Top of Source information
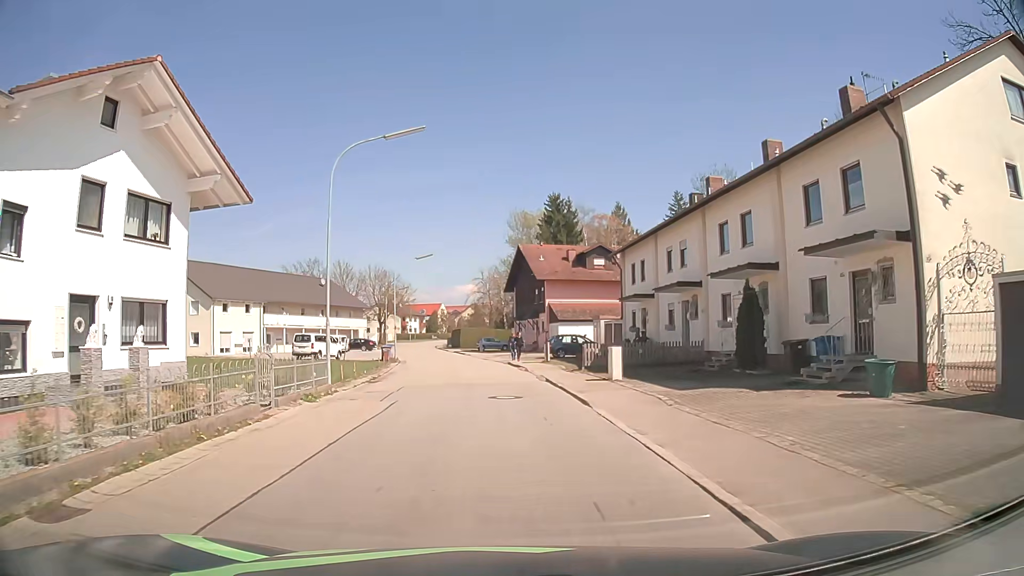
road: residential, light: Day
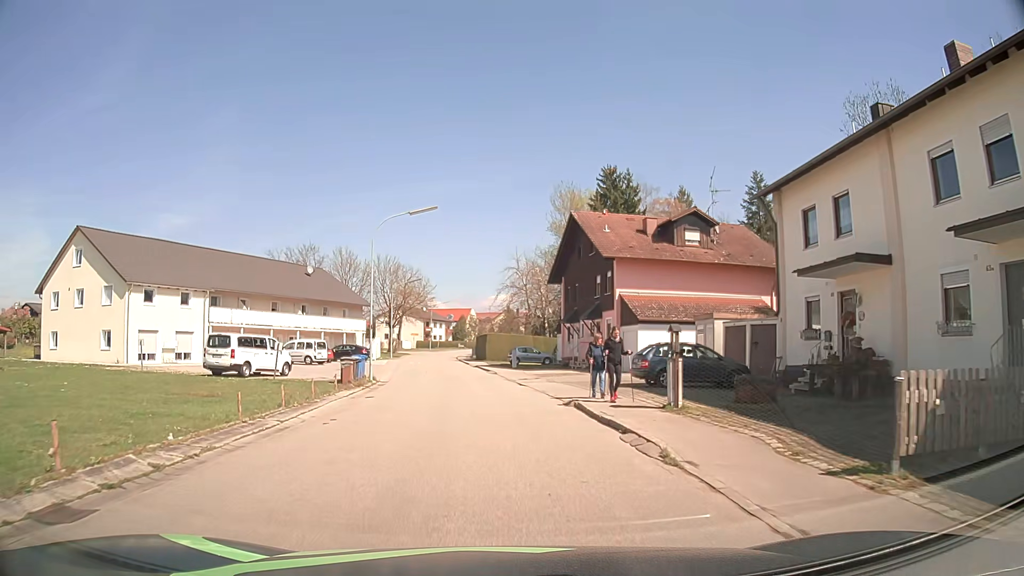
(-0.6, +19.9) m; -3°
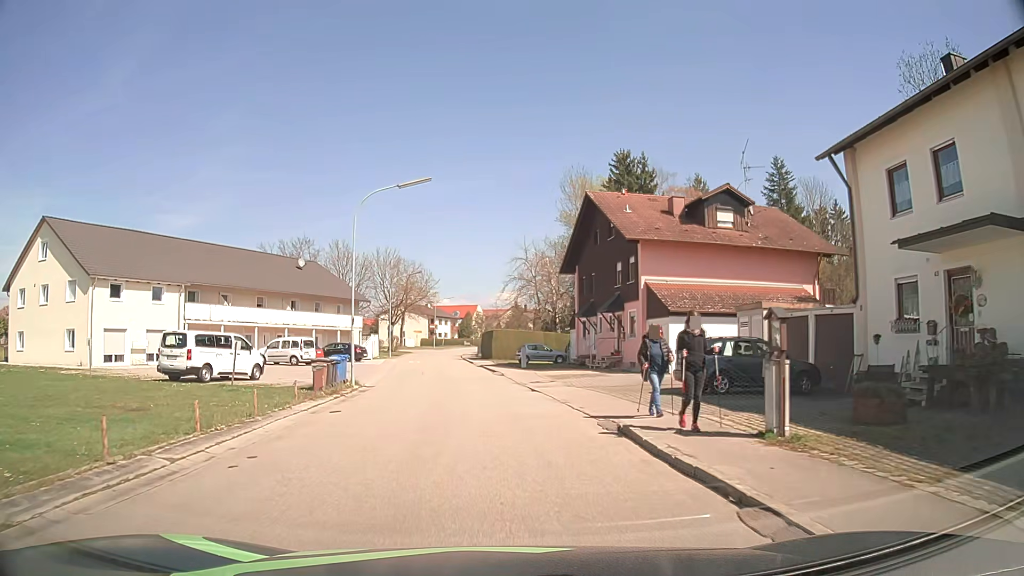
(0.0, +5.0) m; -1°
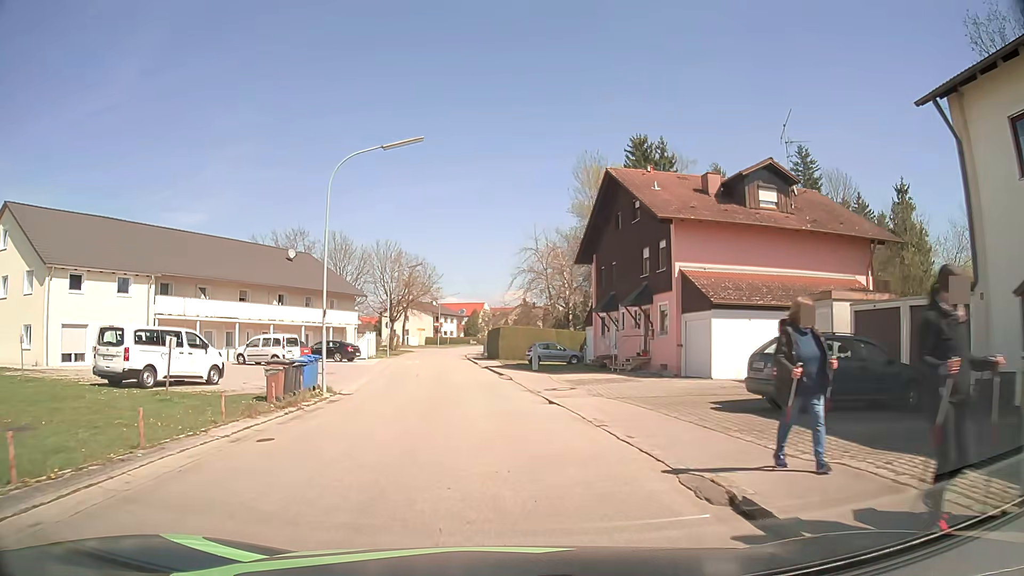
(0.0, +5.0) m; 0°
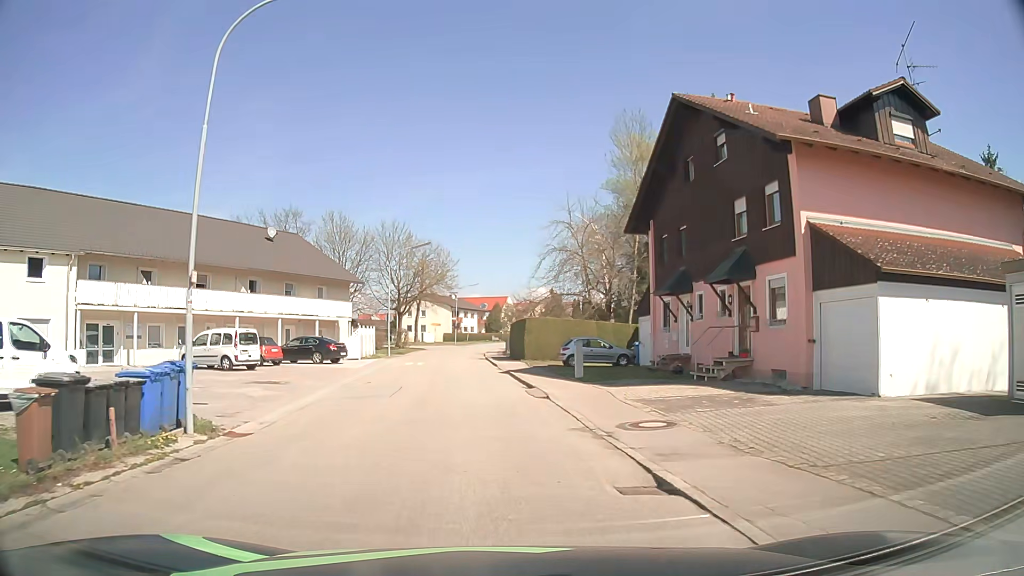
(-0.2, +10.1) m; -2°
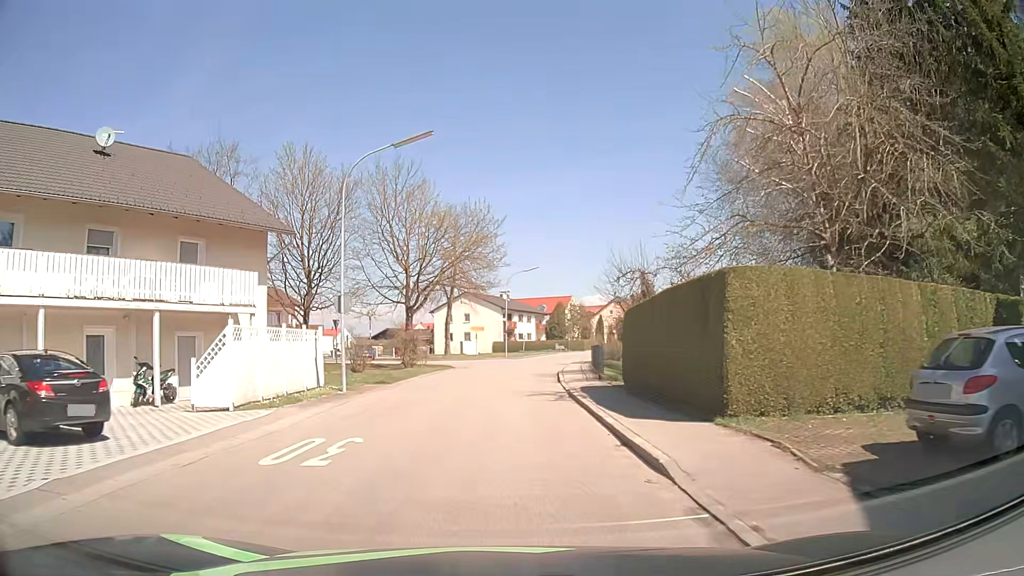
(-1.4, +26.5) m; -5°
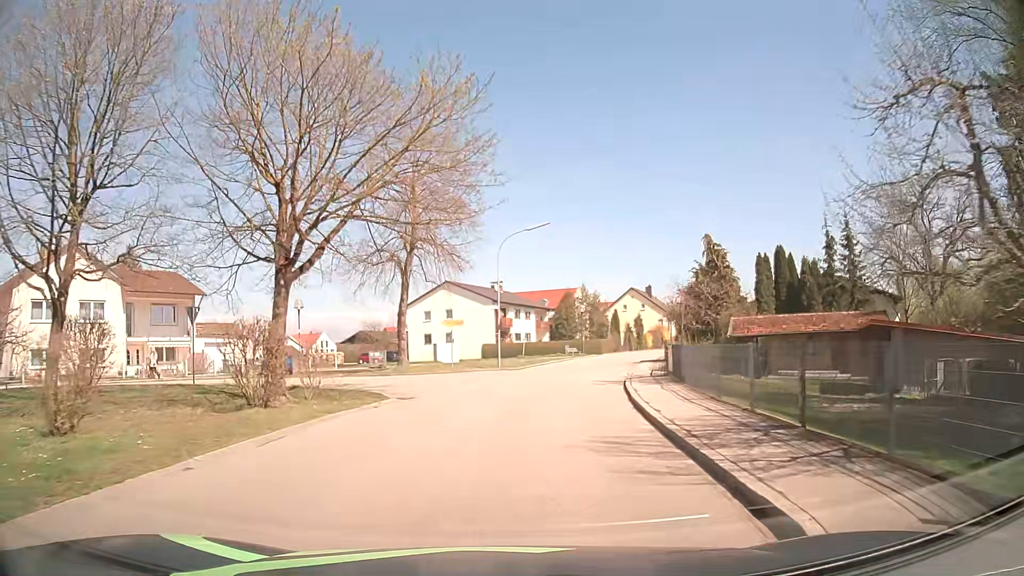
(0.0, +21.8) m; 0°
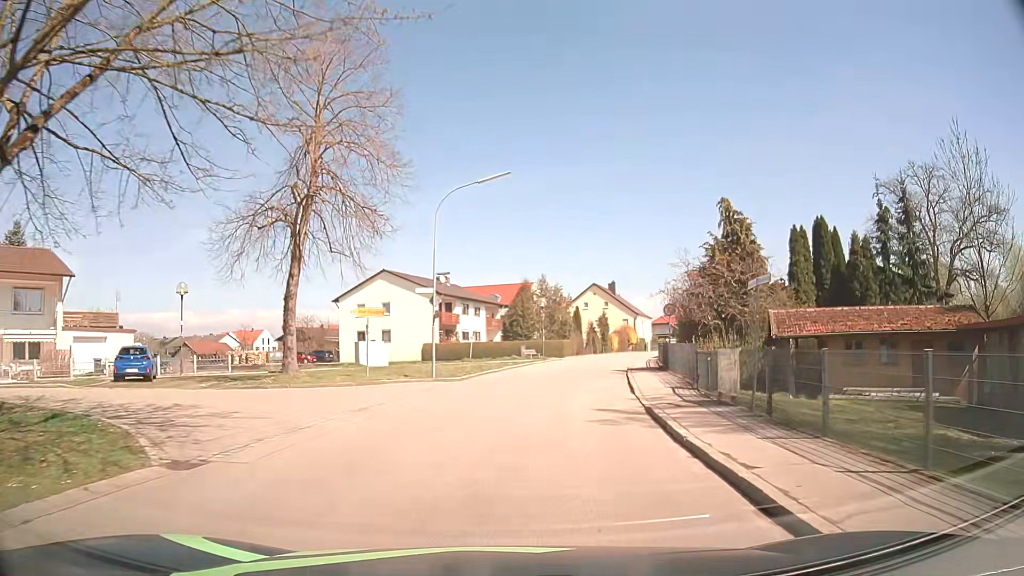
(+0.4, +11.0) m; +5°
(0, +10) (+1, +20) (+3, +30) (+5, +40) (+7, +49) (+10, +59) (+13, +68) (+17, +78) (+22, +87) (+26, +95) m
Bottom of Source information
• Exercise goal: Restate the whole listing word for word. Omit the pictures.

• Solution:
road: residential, light: Day
(-0.6, +19.9) m; -3°
(0.0, +5.0) m; -1°
(0.0, +5.0) m; 0°
(-0.2, +10.1) m; -2°
(-1.4, +26.5) m; -5°
(0.0, +21.8) m; 0°
(+0.4, +11.0) m; +5°
(0, +10) (+1, +20) (+3, +30) (+5, +40) (+7, +49) (+10, +59) (+13, +68) (+17, +78) (+22, +87) (+26, +95) m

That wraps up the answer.